» Task prompt: Retype all the entries word for word, but omit the pictures.

Data for the task START

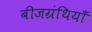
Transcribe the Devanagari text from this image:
बीजग्रंथियाँ
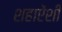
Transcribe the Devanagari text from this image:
शहाऐंशी
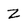
Character: Z
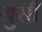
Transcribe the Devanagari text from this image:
युसी
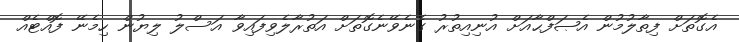
އެގޮތަށް ފިތާލުމުން އެޞަފްޙާއަށް އުނިއިތުރު ގެނެވޭނެގޮތަށް އަތުރާލެވިފައިވާ އަސްލު ލިޔުން ހިމެނޭ ފޮއްޓެއް
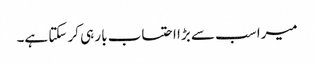
میرا سب سے بڑا احتساب بار ہی کر سکتا ہے۔
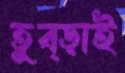
তুব্‌ড়াই
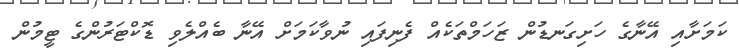
ކަމަށާއި އޭނާގެ ހަށިގަނޑުން ޒަހަމްތަކެއް ފެނިފައި ނުވާކަމަށް އޭނާ ބެއްލެވި ޑޮކްޓަރުންގެ ޓީމުން
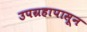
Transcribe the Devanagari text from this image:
उपग्रहापासून
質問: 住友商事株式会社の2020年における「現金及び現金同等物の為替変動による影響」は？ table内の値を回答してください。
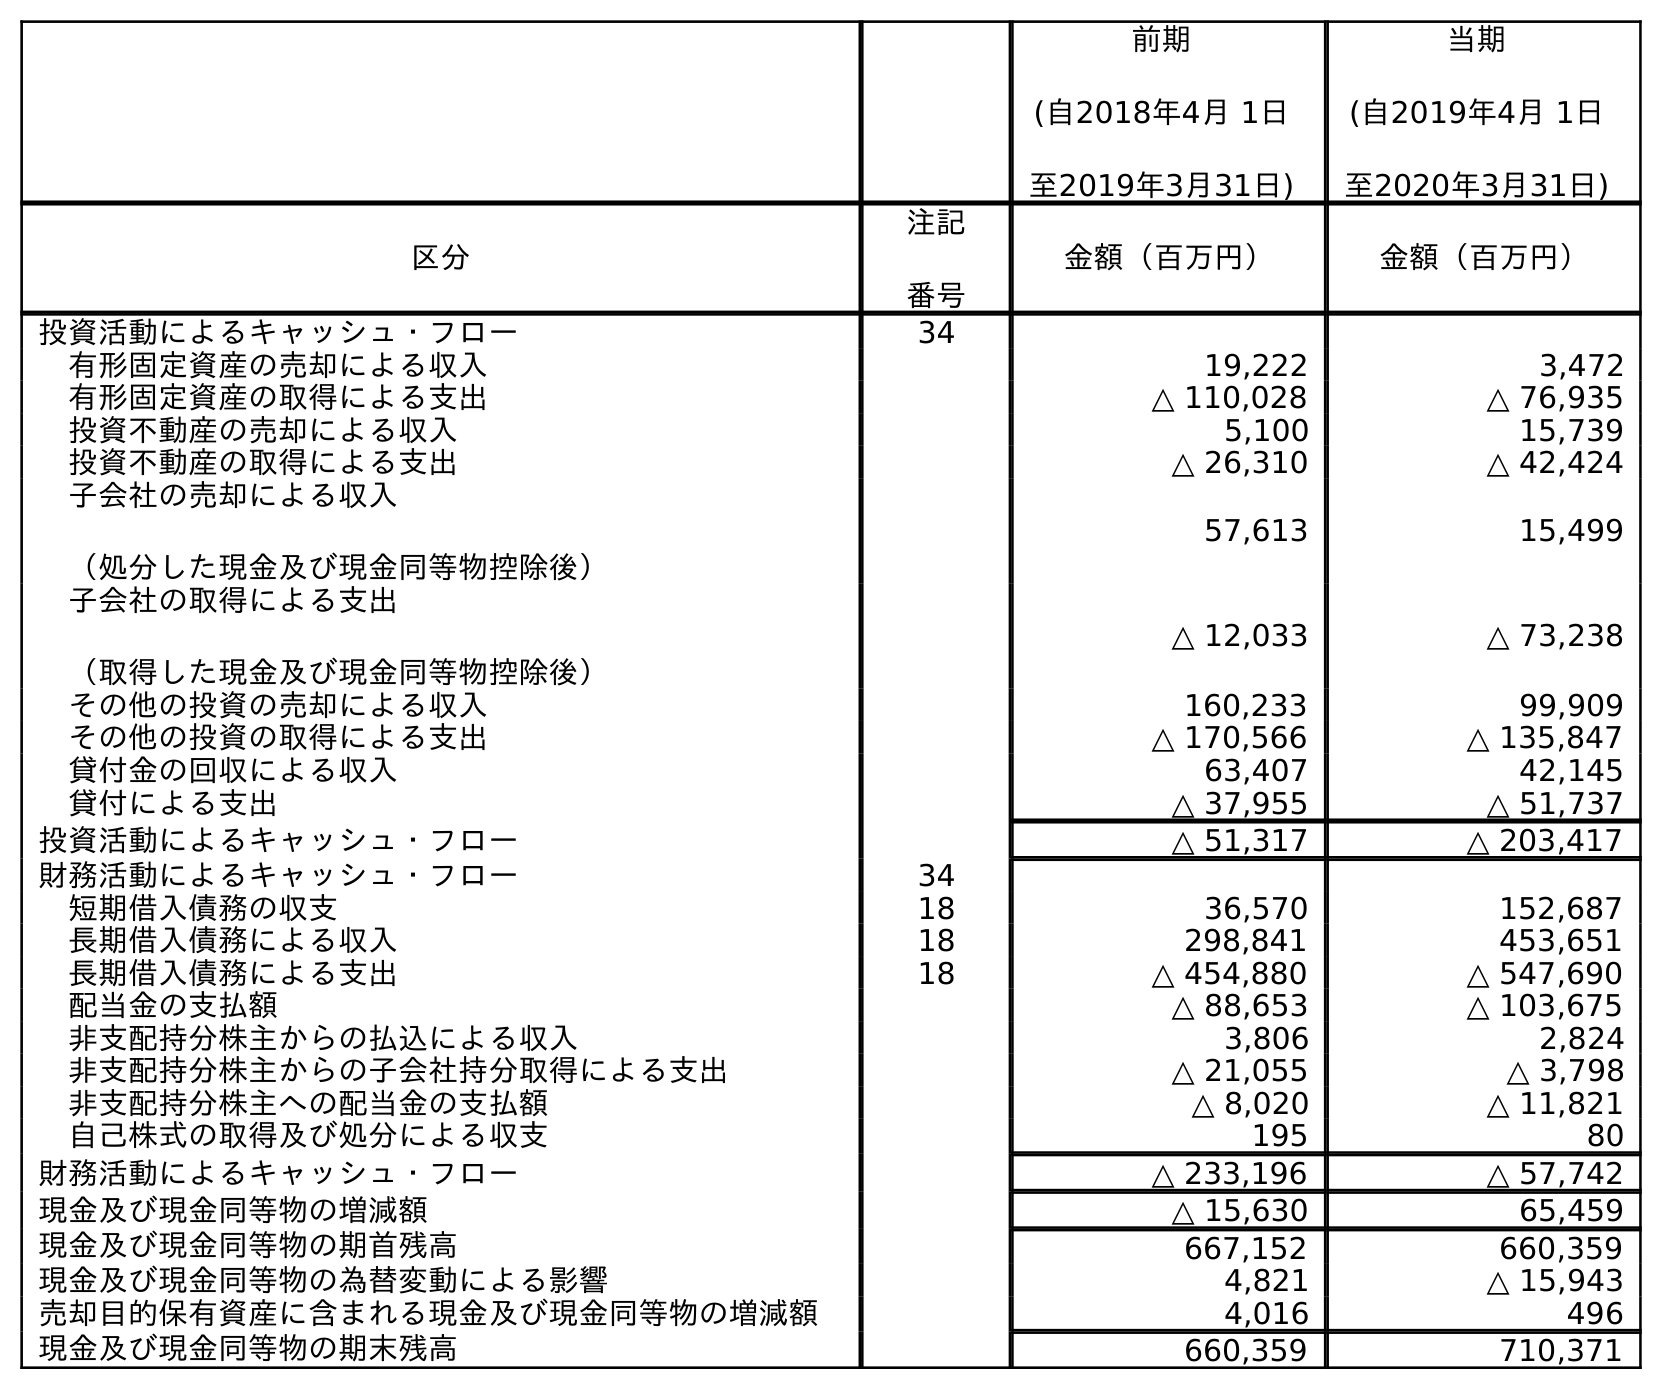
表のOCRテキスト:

Data for the task END

» Task solution:
Transcribe the Devanagari text from this image:
बीजग्रंथियाँ
Transcribe the Devanagari text from this image:
शहाऐंशी
Character: Z
Transcribe the Devanagari text from this image:
युसी
އެގޮތަށް ފިތާލުމުން އެޞަފްޙާއަށް އުނިއިތުރު ގެނެވޭނެގޮތަށް އަތުރާލެވިފައިވާ އަސްލު ލިޔުން ހިމެނޭ ފޮއްޓެއް
میرا سب سے بڑا احتساب بار ہی کر سکتا ہے۔
তুব্‌ড়াই
ކަމަށާއި އޭނާގެ ހަށިގަނޑުން ޒަހަމްތަކެއް ފެނިފައި ނުވާކަމަށް އޭނާ ބެއްލެވި ޑޮކްޓަރުންގެ ޓީމުން
Transcribe the Devanagari text from this image:
उपग्रहापासून
質問: 住友商事株式会社の2020年における「現金及び現金同等物の為替変動による影響」は？ table内の値を回答してください。
表のOCRテキスト:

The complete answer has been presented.